Le Grand Prix de Monaco est souvent qualifié de joyau du calendrier de la Formule 1, mais aussi de l’une des courses les plus monotones en termes de dépassements. Cette saison, la FIA a décidé de bouleverser la donne avec une nouvelle règle qui contraindra les pilotes à effectuer au minimum deux arrêts aux stands en conditions sèches. Une décision qui pourrait bien chambouler les stratégies des écuries, et notamment celles de Ferrari.
Un coup de pouce à l’action en piste
Cette nouvelle mesure intervient dans un contexte où le spectacle à Monaco est souvent critiqué. Son tracé sinueux et étroit limite considérablement les possibilités de dépassement, transformant la course en un jeu de gestion et d’attente. Avec l’obligation d’effectuer deux arrêts, les équipes devront complètement revoir leur approche stratégique, ce qui pourrait redistribuer les cartes en matière de gestion des gommes et de rythmes de course.
Même en cas de pluie, les contraintes resteront élevées : les pilotes devront utiliser au moins trois trains de pneus différents. Un changement qui pourrait engendrer encore plus de variabilité dans les stratégies et contraindre les équipes à une gestion plus agressive de leurs pneumatiques.
Des failles dans l’application du règlement ?
Toutefois, un élément clé pourrait venir nuancer l’impact de cette règle : les drapeaux rouges. Aucune disposition n’empêche pour l’instant les pilotes de changer de pneus lors d’une interruption de course sans perdre de temps aux stands. Une opportunité qui pourrait être exploitée à bon escient par certaines équipes pour minimiser l’impact des arrêts obligatoires.

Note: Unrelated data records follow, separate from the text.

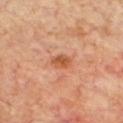Assessment:
The lesion was tiled from a total-body skin photograph and was not biopsied.
Image and clinical context:
Located on the chest. Cropped from a whole-body photographic skin survey; the tile spans about 15 mm. A male subject, aged around 70.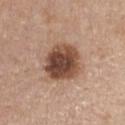Part of a total-body skin-imaging series; this lesion was reviewed on a skin check and was not flagged for biopsy.
About 5 mm across.
The lesion is on the chest.
A 15 mm crop from a total-body photograph taken for skin-cancer surveillance.
A female subject approximately 45 years of age.
Imaged with white-light lighting.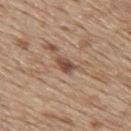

De plus, toute infraction à cette nouvelle règle sera lourdement sanctionnée : une pénalité de 30 secondes sera appliquée en cas de non-respect, et si la course s’achève prématurément sans que les arrêts aient été effectués, une disqualification pure et simple pourra être prononcée.
Quel impact pour Ferrari ?
Pour la Scuderia Ferrari, cette évolution réglementaire nécessite une approche affûtée. L’écurie italienne, qui montre une montée en puissance cette saison, pourrait exploiter cette nouvelle contrainte pour tenter un coup stratégique. Avec Charles Leclerc, qui rêve toujours de triompher à domicile, et Carlos Sainz, maître dans la gestion des pneus, Ferrari pourrait jouer sur des fenêtres d’arrêts décalées afin de maximiser son potentiel.
Reste à voir comment l’équipe de stratégie de Maranello interprétera cette nouvelle contrainte. Car si Ferrari veut capitaliser sur ce règlement, il faudra éviter toute approximation dans le timing des arrêts et s’adapter rapidement à toute interruption ou rebondissement en course.
Une chose est sûre : ce Grand Prix de Monaco s’annonce plus imprévisible que jamais. Et pour Ferrari, l’opportunité est belle de montrer sa capacité d’adaptation et son sens tactique dans l’un des rendez-vous les plus glamour, mais aussi les plus piégeux, de la saison.